News

Jeremy Weinstein Was Offered the Harvard Kennedy School Deanship. Who Is He?

News

Interim Harvard President Alan Garber’s 100 Days of Trial By Fire

News

‘An International Issue’: Harvard GSAS Dean Says Free Speech Issues are Not Harvard-Specific

News

‘Mourning into a Movement’: Family Members of George Floyd, Eric Garner Discuss Grief and Activism at IOP Forum

News

Expert Witness Says Northrop’s Lack of Summer Contact Was ‘Typical’ for University Case Workers

‘Alpha Zulu’ Review: A Soaring Rebirth for Phoenix

Album cover for Phoenix's "Alpha Zulu."
Album cover for Phoenix's "Alpha Zulu." By Courtesy of Phoenix / Glassnote Entertainment Group

Phoenix are having a renaissance. If the Botticelli painting on the cover of their new album “Alpha Zulu” doesn’t convince you, then their music will. On Nov. 4, the French indie band unveiled a set of sleek pop-rock vignettes straight from the Louvre, which housed a recording studio for the first time in its centuries-long history.

Lead singer Thomas Mars described “Alpha Zulu” as “all over the place” to Zane Lowe on Apple Music 1, but the album’s thematic breadth works in its favor. Phoenix place their characteristically crisp songwriting and self-production on full display as they outline topics from the personal to the theological.

On the title track, Mars assumes the perspective of a deity seeking to understand humanity’s obsession with sin. “Tell me why, don’t tell me when, don’t tell me how,” he commands. As if to mock the call-and-response structure of many hymns, the intro’s choral synth phrases are met with only silence in between. Mars’s derisive “ha!” reinforces the belief that “singin’ hallelujah” without genuine repentance amounts to little beyond a way to “cover your lies.” Then, the sparse instrumentals assume a celestial resonance as Mars wonders, “Why choose your body over time with me?”
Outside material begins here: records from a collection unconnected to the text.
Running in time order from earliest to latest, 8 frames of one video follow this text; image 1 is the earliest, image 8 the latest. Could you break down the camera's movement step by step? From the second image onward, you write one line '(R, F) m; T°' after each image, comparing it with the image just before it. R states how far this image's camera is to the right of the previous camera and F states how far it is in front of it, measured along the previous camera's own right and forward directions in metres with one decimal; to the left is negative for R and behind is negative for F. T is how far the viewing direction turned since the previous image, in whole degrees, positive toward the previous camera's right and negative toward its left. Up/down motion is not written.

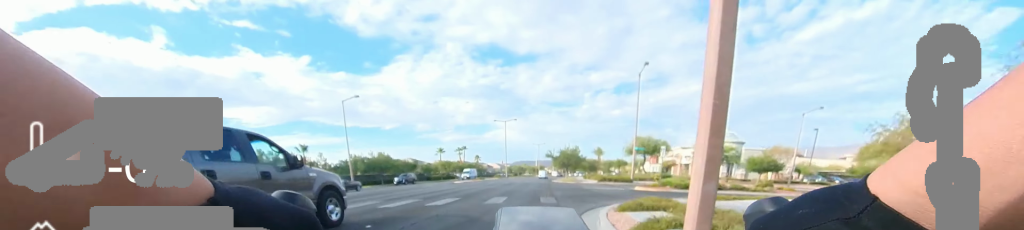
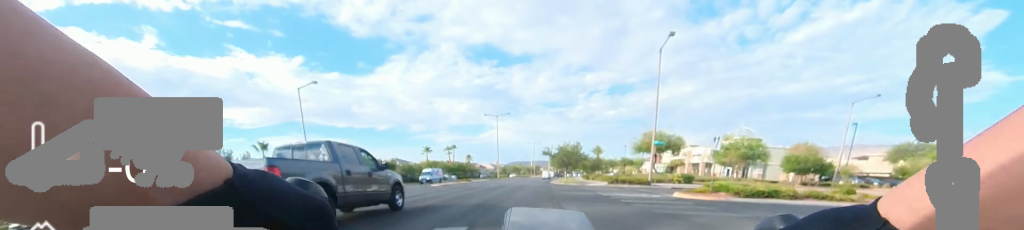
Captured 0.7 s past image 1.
(+0.7, +7.8) m; 0°
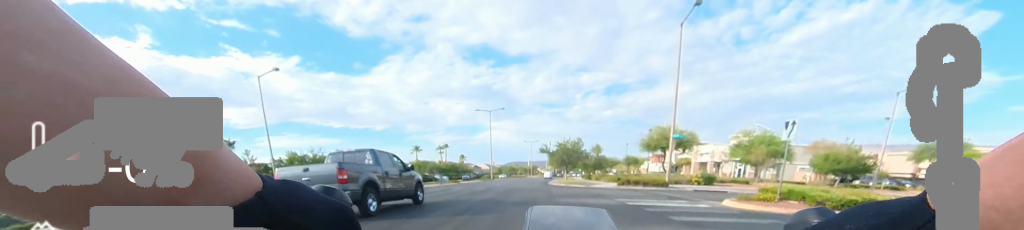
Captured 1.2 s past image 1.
(+0.1, +5.2) m; -1°
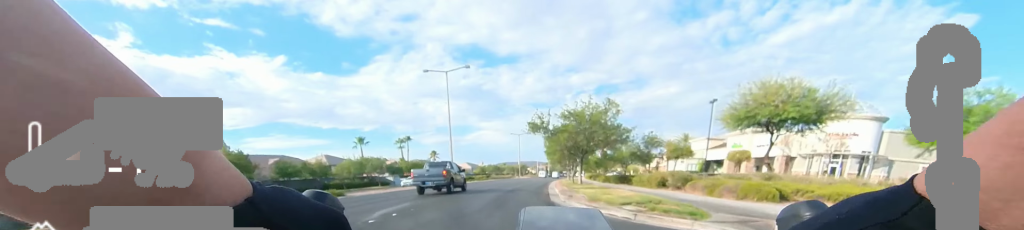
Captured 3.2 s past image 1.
(-1.3, +22.8) m; +3°
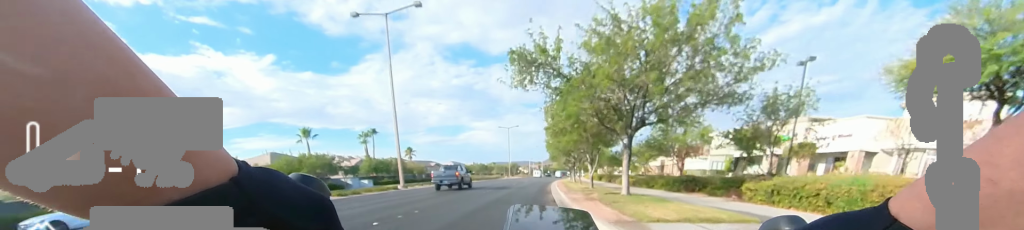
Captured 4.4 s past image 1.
(+1.1, +13.1) m; +5°
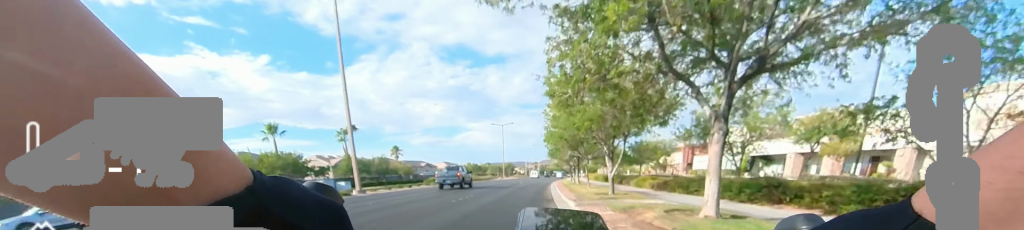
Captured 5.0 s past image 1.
(-0.2, +5.8) m; 0°
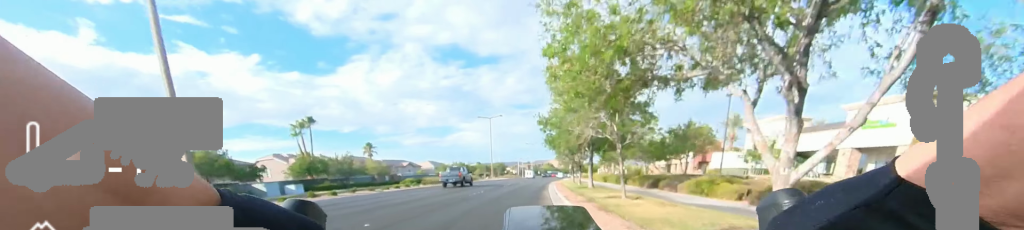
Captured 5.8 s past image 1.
(+0.3, +9.3) m; 0°
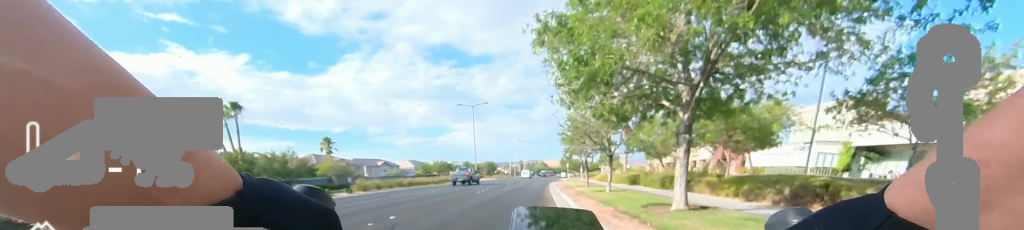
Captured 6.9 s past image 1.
(-0.2, +11.6) m; 0°
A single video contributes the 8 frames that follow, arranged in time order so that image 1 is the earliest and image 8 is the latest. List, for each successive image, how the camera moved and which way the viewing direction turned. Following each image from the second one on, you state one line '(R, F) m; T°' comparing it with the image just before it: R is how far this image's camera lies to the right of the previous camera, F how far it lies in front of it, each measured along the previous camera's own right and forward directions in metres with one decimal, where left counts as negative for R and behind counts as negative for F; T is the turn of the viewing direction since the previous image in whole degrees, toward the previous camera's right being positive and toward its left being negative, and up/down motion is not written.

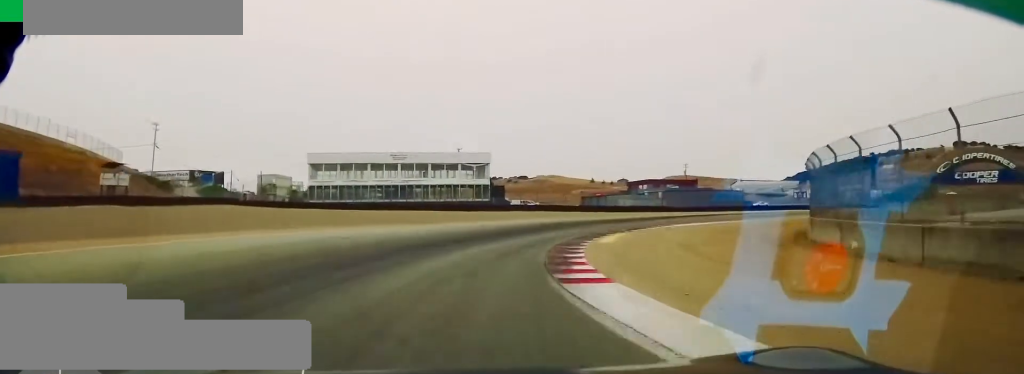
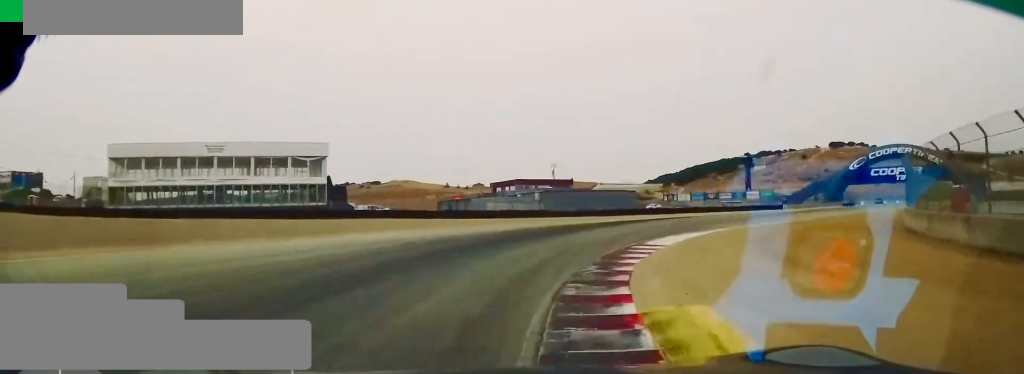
(+2.9, +19.8) m; +16°
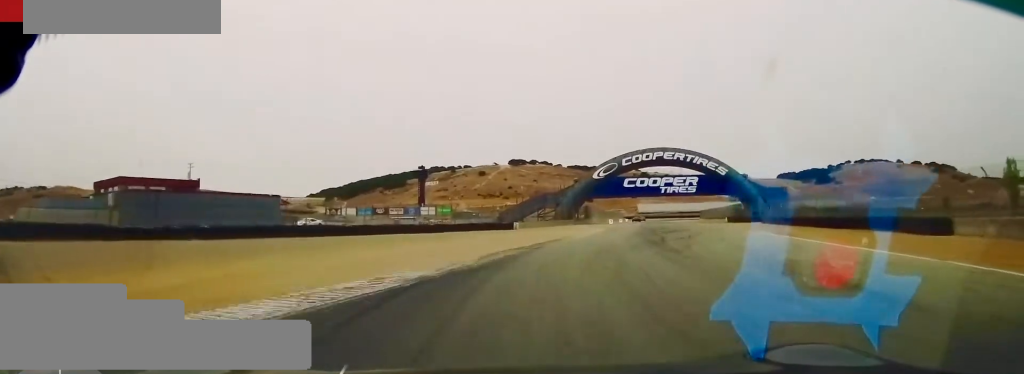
(+11.1, +40.9) m; +29°
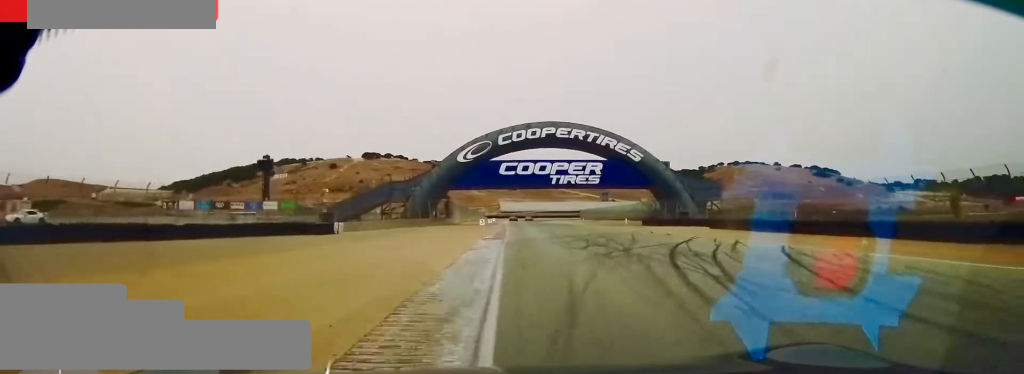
(+3.9, +29.4) m; +12°
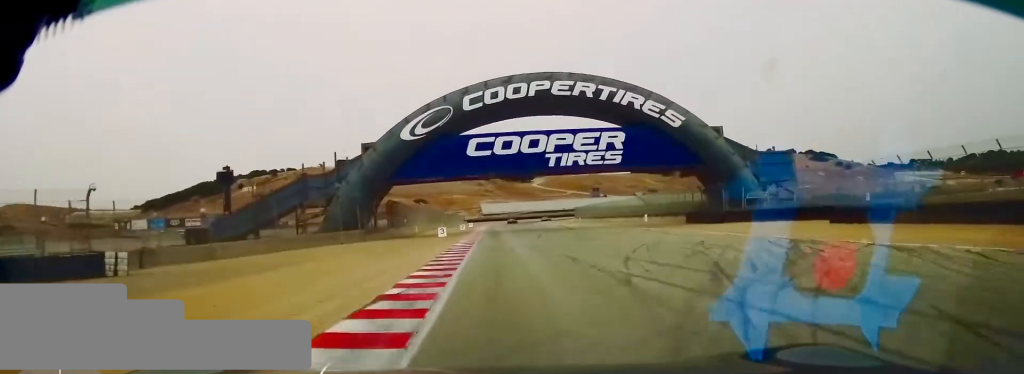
(+2.3, +27.3) m; +3°
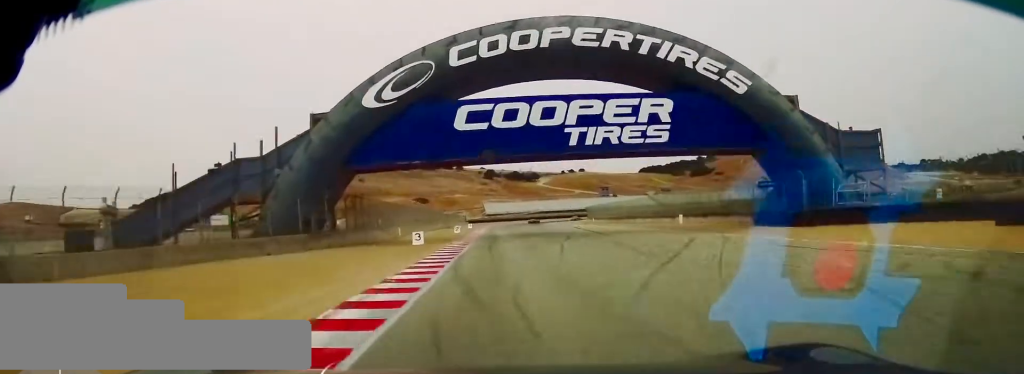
(-0.4, +14.3) m; -1°
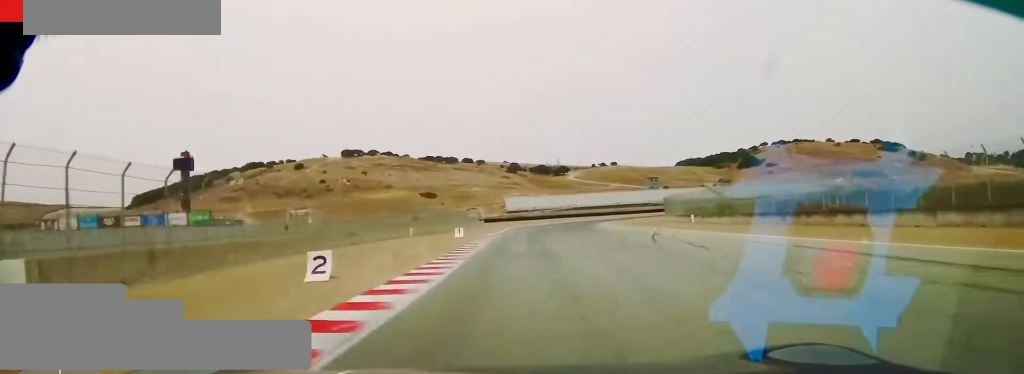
(-1.6, +50.7) m; -4°
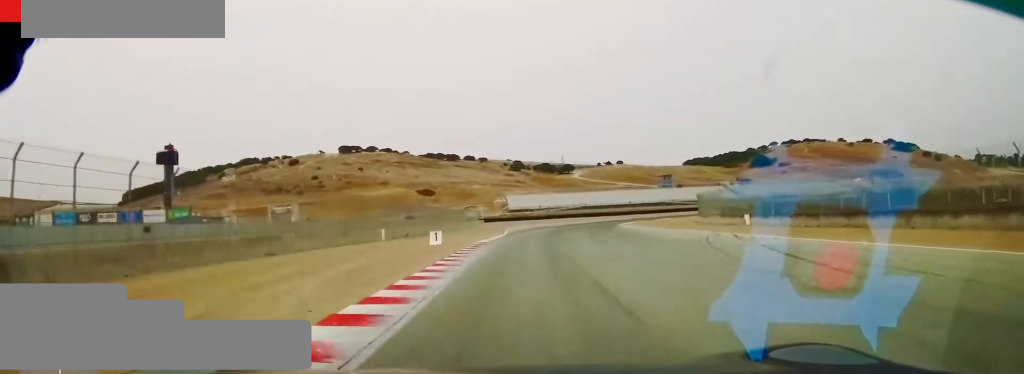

Some potential reasons — and even more questions — emerge on the next track, “Tonight” (feat. Ezra Koenig), Phoenix’s first studio release to feature guest vocals. Mars’s uptempo duet with the Vampire Weekend frontman reconciles nostalgia and immediacy over a bouncy bass line. “What if I was the answer to your prayer?” Mars asks, dismissing spirituality in pursuit of a connection that might not even “last ‘til it’s dawn.” As the post-chorus’s melismatic call to “roll with me” fragments the bridge among insistent echoes, its nonchalance devolves into a sense of losing control. Mars and Koenig restore order by abandoning their trademark wry wordplay to admit a difficult truth: “Oh, how I wish I could be someone like you.”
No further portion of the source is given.